The VL testing pathways at QECH are complex, with many steps required before a patient can receive results, as demonstrated in Figure 1. Delays are experienced throughout this process. Many patients were identified as needing a VL test, but because they were too sick and did not have relatives or guardians to escort them from the inpatient wards to the laboratory, these patients did not attend the laboratory for blood sampling,. Blood sampling is not carried out on the wards because of the need for dried blood spot testing and poor linkage of patients to their results when samples are obtained during their ward stays.

This was a single-centre experience, but we believe that our findings are likely to be generalisable to inpatients at other hospitals in Malawi, particularly those where there is no onsite testing.

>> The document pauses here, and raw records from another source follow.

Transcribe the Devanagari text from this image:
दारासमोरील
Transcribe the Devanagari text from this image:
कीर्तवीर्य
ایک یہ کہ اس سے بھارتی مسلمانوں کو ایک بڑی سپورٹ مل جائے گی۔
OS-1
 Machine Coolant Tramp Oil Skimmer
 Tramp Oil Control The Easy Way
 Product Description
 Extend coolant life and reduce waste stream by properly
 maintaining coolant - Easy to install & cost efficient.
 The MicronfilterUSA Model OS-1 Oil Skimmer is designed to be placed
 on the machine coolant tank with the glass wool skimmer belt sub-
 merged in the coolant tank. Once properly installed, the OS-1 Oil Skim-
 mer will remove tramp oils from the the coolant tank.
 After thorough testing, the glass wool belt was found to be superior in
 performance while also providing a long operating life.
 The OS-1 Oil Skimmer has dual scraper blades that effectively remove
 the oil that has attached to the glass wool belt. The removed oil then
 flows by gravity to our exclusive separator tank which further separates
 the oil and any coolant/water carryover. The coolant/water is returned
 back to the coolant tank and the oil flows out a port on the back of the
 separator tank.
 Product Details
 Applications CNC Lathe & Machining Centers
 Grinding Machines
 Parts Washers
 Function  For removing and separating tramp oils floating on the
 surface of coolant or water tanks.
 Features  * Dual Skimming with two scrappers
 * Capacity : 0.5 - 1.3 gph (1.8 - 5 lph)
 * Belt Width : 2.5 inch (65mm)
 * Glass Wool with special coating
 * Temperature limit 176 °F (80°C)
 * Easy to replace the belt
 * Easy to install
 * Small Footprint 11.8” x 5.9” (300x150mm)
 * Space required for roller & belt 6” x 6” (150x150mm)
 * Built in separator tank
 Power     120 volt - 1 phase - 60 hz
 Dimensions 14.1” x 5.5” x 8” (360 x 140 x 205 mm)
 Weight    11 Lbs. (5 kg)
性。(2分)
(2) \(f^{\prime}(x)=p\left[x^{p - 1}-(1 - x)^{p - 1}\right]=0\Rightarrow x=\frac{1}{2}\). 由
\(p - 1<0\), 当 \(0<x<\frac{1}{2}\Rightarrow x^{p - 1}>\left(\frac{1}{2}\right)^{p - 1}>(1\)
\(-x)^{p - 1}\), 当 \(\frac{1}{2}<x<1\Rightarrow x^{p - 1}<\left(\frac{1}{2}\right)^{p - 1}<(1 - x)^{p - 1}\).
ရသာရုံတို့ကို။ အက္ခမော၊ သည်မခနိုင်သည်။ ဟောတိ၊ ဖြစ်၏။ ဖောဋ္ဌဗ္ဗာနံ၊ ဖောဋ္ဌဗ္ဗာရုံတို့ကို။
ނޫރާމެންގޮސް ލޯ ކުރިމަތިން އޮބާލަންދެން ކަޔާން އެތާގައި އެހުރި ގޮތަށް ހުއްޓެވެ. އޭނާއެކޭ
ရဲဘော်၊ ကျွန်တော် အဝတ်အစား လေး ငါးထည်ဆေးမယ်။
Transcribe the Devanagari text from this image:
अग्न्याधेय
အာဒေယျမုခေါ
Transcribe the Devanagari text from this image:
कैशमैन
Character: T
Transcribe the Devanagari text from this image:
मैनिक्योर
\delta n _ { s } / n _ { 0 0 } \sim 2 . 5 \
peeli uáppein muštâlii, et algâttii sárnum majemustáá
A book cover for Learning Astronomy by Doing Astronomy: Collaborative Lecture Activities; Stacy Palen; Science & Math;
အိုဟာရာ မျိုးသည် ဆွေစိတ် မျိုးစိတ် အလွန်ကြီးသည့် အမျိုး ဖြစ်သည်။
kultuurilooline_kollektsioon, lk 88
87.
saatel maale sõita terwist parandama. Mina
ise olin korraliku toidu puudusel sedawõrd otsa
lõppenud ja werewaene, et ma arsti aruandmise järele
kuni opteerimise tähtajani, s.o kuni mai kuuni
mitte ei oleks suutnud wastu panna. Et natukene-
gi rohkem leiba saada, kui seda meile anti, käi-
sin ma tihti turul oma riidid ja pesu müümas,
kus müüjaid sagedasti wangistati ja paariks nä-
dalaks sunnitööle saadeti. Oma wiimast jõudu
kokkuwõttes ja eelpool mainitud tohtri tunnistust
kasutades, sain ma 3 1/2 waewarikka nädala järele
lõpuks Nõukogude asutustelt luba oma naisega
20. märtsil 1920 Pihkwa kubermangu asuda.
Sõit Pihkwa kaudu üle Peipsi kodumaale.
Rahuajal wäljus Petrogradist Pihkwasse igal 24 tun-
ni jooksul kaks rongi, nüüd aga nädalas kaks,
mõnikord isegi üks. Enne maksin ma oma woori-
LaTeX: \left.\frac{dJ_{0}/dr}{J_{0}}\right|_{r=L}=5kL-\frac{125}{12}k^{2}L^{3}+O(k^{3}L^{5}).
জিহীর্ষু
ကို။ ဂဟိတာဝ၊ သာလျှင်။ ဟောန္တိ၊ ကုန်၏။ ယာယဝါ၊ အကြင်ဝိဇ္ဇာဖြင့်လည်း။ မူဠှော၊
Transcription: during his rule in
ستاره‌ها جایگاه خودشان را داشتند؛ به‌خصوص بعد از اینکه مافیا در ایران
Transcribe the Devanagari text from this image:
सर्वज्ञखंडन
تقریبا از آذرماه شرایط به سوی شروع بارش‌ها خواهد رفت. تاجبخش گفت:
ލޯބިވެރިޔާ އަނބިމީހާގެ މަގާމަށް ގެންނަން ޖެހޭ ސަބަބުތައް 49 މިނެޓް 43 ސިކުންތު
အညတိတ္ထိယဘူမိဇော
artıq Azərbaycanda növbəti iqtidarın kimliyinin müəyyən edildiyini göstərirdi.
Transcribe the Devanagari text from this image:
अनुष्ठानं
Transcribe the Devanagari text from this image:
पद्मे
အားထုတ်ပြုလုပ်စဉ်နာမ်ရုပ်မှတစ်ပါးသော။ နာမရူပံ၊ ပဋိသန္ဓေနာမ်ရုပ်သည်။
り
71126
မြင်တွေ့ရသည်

Apart from strengthening local systems, there are wider-scale interventions that could be considered. Using a point-of-care VL testing approach for patients with clinical failure would result in faster turnaround times by circumventing the need for batch testing.3 This could be of particular benefit for admitted patients who normally receive ART from community clinics a long distance from the referral hospital. In the interim, we suggest further evaluation of the possibility of switching a patient to second-line ART, while awaiting VL results, based on the presence of a clinical stage 4 opportunistic infection and a low CD4 count.4,5 This would prevent long delays in effective ART for this high-risk patient group, who are often suffering from advanced ART failure, which exposes them to risk of further complications and death.6

References

1. SanJoaquin MA, Allain TJ, Molyneux ME, et al. Surveillance Programme of IN-patients and Epidemiology (SPINE): implementation of an electronic data collection tool within a large hospital in Malawi. PLoS Med. 2013;10(3):e1001400.

2. Ministry of Health, Malawi. Ministry of Health, Malawi. Clinical management of HIV in children and adults [Internet]. Lilongwe: Ministry of Health, Malawi; 2014 Feb [cited 2016 Mar 30]. 95 p. Available from: http://www.emtct-iatt.org/wp-content/uploads/2015/09/Malawi-HIV-Guidelines-2014.pdf.

3. Stevens W, Gous N, Ford N, Scott LE. Feasibility of HIV point-of-care tests for resource-limited settings: challenges and solutions. BMC Med. 2014 Sep 8;12:173..

4. Mugyenyi P, Walker AS, Hakim J, et al. Routine versus clinically driven laboratory monitoring of HIV antiretroviral therapy in Africa (DART): a randomised non-inferiority trial. Lancet. 2010 Jan 9;375(9709):123-31.

5. Waruru A, Muttai H,  Ng’ang’a L et al. Positive Predictive Value of the WHO Clinical and Immunologic Criteria to Predict Viral Load Failure among Adults on First, or Second-Line Antiretroviral Therapy in Kenya. PLoS One. 2016 Jul 6;11(7):e0158881.

6. Paton NI, Kityo C, Hoppe A, et al. Assessment of second-line antiretroviral regimens for HIV therapy in Africa. N Engl J Med. 2014 Jul 17;371(3):234-47.